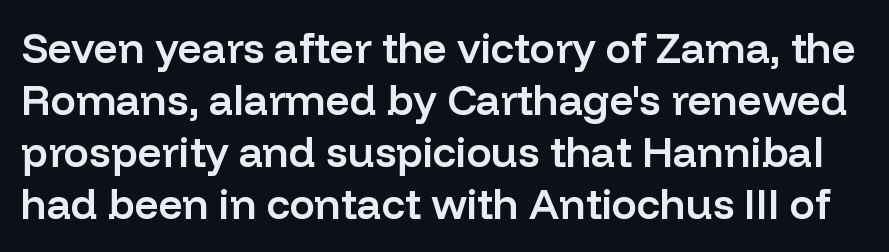
Q: Is the text bold? A: Semi-bold.
Q: Is the text italic (slanted)? A: No, it is upright.
Q: Is the typeface a serif or a sans-serif typeface? A: Sans-serif.
Q: Is the text underlined? A: No.
Q: Is the spacing between letters normal or unusually wide? A: Normal.
Q: Width (condensed, normal, or wide)? A: Normal.
Q: Stroke contrast? A: Low.
Q: x-height? A: Medium.
Q: Monospaced? A: No.
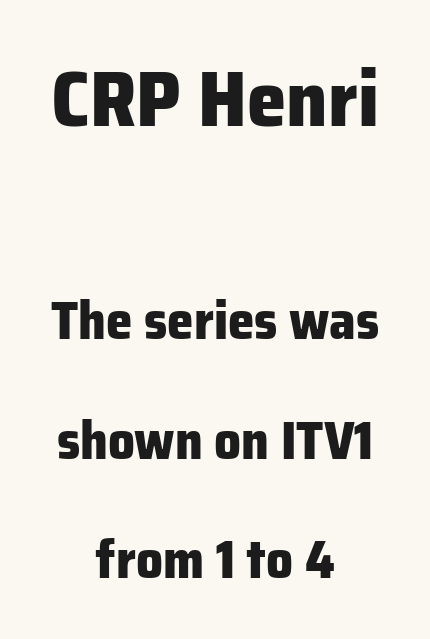
Between these two stacked blocks, the higher one wins on size. A great deal of white space separates one row of letters from the next. Tracking value appears to be zero — textbook default spacing. Clear beneath every line of the passage. The characters display no serif detailing; their extremities are plain. This sample has the flowing, uneven cadence of proportional lettering.

—————

EXERCISE INSTRUCTIONS: Please write every line above out exactly as given, except for any pictures.

WRITTEN RESPONSE:
Q: Is the text bold? A: Semi-bold.
Q: Is the text italic (slanted)? A: No, it is upright.
Q: Is the typeface a serif or a sans-serif typeface? A: Sans-serif.
Q: Is the text underlined? A: No.
Q: Is the spacing between letters normal or unusually wide? A: Normal.
Q: Width (condensed, normal, or wide)? A: Normal.
Q: Stroke contrast? A: Low.
Q: x-height? A: Medium.
Q: Monospaced? A: No.
Between these two stacked blocks, the higher one wins on size. A great deal of white space separates one row of letters from the next. Tracking value appears to be zero — textbook default spacing. Clear beneath every line of the passage. The characters display no serif detailing; their extremities are plain. This sample has the flowing, uneven cadence of proportional lettering.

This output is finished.